Dataset extract Start Marker
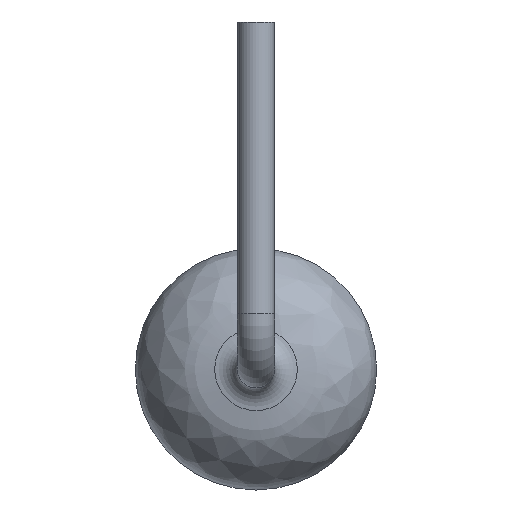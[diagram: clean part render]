
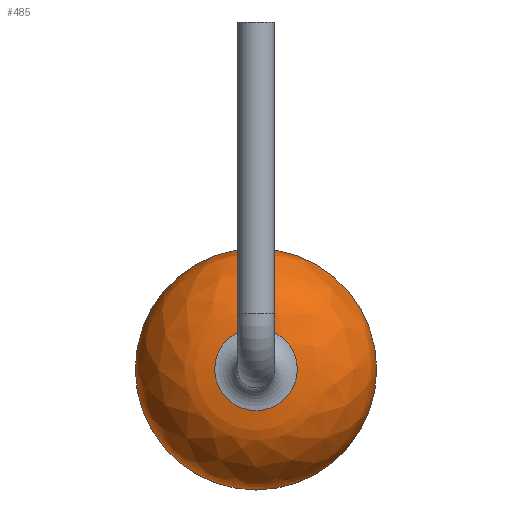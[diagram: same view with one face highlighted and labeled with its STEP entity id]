
A CAD part, front view. The second image highlights one B-rep face of the part: STEP entity #485.
In plain terms, the highlighted free-form (B-spline) face has degree [2, 2] with [3, 9] control points.
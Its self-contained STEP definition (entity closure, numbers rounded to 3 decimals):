
#22=(
BOUNDED_SURFACE()
B_SPLINE_SURFACE(2,2,((#828,#829,#830,#831,#832,#833,#834,#835,#836),(#837,
#838,#839,#840,#841,#842,#843,#844,#845),(#846,#847,#848,#849,#850,#851,
#852,#853,#854)),.UNSPECIFIED.,.F.,.T.,.F.)
B_SPLINE_SURFACE_WITH_KNOTS((3,3),(3,2,2,2,3),(0.,1.511),(-3.142,
-1.571,0.,1.571,3.142),.UNSPECIFIED.)
GEOMETRIC_REPRESENTATION_ITEM()
RATIONAL_B_SPLINE_SURFACE(((1.,0.707,1.,0.707,1.,
0.707,1.,0.707,1.),(0.728,0.515,
0.728,0.515,0.728,0.515,
0.728,0.515,0.728),(1.,0.707,
1.,0.707,1.,0.707,1.,0.707,1.)))
REPRESENTATION_ITEM('')
SURFACE()
);
#49=FACE_OUTER_BOUND('',#82,.T.);
#82=EDGE_LOOP('',(#330,#331,#332,#333,#334,#335));
#154=CIRCLE('',#550,1.111);
#155=CIRCLE('',#551,1.111);
#158=CIRCLE('',#554,2.275);
#159=CIRCLE('',#555,3.25);
#160=CIRCLE('',#556,3.25);
#204=VERTEX_POINT('',#821);
#205=VERTEX_POINT('',#822);
#207=VERTEX_POINT('',#855);
#208=VERTEX_POINT('',#857);
#250=EDGE_CURVE('',#204,#205,#154,.T.);
#251=EDGE_CURVE('',#205,#204,#155,.T.);
#254=EDGE_CURVE('',#205,#207,#158,.T.);
#255=EDGE_CURVE('',#207,#208,#159,.T.);
#256=EDGE_CURVE('',#208,#207,#160,.T.);
#330=ORIENTED_EDGE('',*,*,#250,.F.);
#331=ORIENTED_EDGE('',*,*,#251,.F.);
#332=ORIENTED_EDGE('',*,*,#254,.T.);
#333=ORIENTED_EDGE('',*,*,#255,.T.);
#334=ORIENTED_EDGE('',*,*,#256,.T.);
#335=ORIENTED_EDGE('',*,*,#254,.F.);
#485=ADVANCED_FACE('',(#49),#22,.F.);
#550=AXIS2_PLACEMENT_3D('',#823,#654,#655);
#551=AXIS2_PLACEMENT_3D('',#824,#656,#657);
#554=AXIS2_PLACEMENT_3D('',#856,#662,#663);
#555=AXIS2_PLACEMENT_3D('',#858,#664,#665);
#556=AXIS2_PLACEMENT_3D('',#859,#666,#667);
#654=DIRECTION('center_axis',(0.,-1.,0.));
#655=DIRECTION('ref_axis',(1.,0.,0.));
#656=DIRECTION('center_axis',(0.,-1.,0.));
#657=DIRECTION('ref_axis',(1.,0.,0.));
#662=DIRECTION('center_axis',(-1.,0.,0.));
#663=DIRECTION('ref_axis',(0.,0.,1.));
#664=DIRECTION('center_axis',(0.,-1.,0.));
#665=DIRECTION('ref_axis',(1.,0.,0.));
#666=DIRECTION('center_axis',(0.,-1.,0.));
#667=DIRECTION('ref_axis',(1.,0.,0.));
#821=CARTESIAN_POINT('',(-1.111,0.004,0.));
#822=CARTESIAN_POINT('',(0.,0.004,1.111));
#823=CARTESIAN_POINT('Origin',(0.,0.004,0.));
#824=CARTESIAN_POINT('Origin',(0.,0.004,0.));
#828=CARTESIAN_POINT('Ctrl Pts',(0.,2.275,3.25));
#829=CARTESIAN_POINT('Ctrl Pts',(-3.25,2.275,3.25));
#830=CARTESIAN_POINT('Ctrl Pts',(-3.25,2.275,0.));
#831=CARTESIAN_POINT('Ctrl Pts',(-3.25,2.275,-3.25));
#832=CARTESIAN_POINT('Ctrl Pts',(0.,2.275,-3.25));
#833=CARTESIAN_POINT('Ctrl Pts',(3.25,2.275,-3.25));
#834=CARTESIAN_POINT('Ctrl Pts',(3.25,2.275,0.));
#835=CARTESIAN_POINT('Ctrl Pts',(3.25,2.275,3.25));
#836=CARTESIAN_POINT('Ctrl Pts',(0.,2.275,3.25));
#837=CARTESIAN_POINT('Ctrl Pts',(0.,0.132,3.25));
#838=CARTESIAN_POINT('Ctrl Pts',(-3.25,0.132,3.25));
#839=CARTESIAN_POINT('Ctrl Pts',(-3.25,0.132,0.));
#840=CARTESIAN_POINT('Ctrl Pts',(-3.25,0.132,-3.25));
#841=CARTESIAN_POINT('Ctrl Pts',(0.,0.132,-3.25));
#842=CARTESIAN_POINT('Ctrl Pts',(3.25,0.132,-3.25));
#843=CARTESIAN_POINT('Ctrl Pts',(3.25,0.132,0.));
#844=CARTESIAN_POINT('Ctrl Pts',(3.25,0.132,3.25));
#845=CARTESIAN_POINT('Ctrl Pts',(0.,0.132,3.25));
#846=CARTESIAN_POINT('Ctrl Pts',(0.,0.004,1.111));
#847=CARTESIAN_POINT('Ctrl Pts',(-1.111,0.004,
1.111));
#848=CARTESIAN_POINT('Ctrl Pts',(-1.111,0.004,
0.));
#849=CARTESIAN_POINT('Ctrl Pts',(-1.111,0.004,
-1.111));
#850=CARTESIAN_POINT('Ctrl Pts',(0.,0.004,-1.111));
#851=CARTESIAN_POINT('Ctrl Pts',(1.111,0.004,-1.111));
#852=CARTESIAN_POINT('Ctrl Pts',(1.111,0.004,0.));
#853=CARTESIAN_POINT('Ctrl Pts',(1.111,0.004,1.111));
#854=CARTESIAN_POINT('Ctrl Pts',(0.,0.004,1.111));
#855=CARTESIAN_POINT('',(0.,2.275,3.25));
#856=CARTESIAN_POINT('Origin',(0.,2.275,0.975));
#857=CARTESIAN_POINT('',(-3.25,2.275,0.));
#858=CARTESIAN_POINT('Origin',(0.,2.275,0.));
#859=CARTESIAN_POINT('Origin',(0.,2.275,0.));
Dataset extract End Marker
Which lines of the material contain "UNSPECIFIED"? List them.

#852,#853,#854)),.UNSPECIFIED.,.F.,.T.,.F.)
-1.571,0.,1.571,3.142),.UNSPECIFIED.)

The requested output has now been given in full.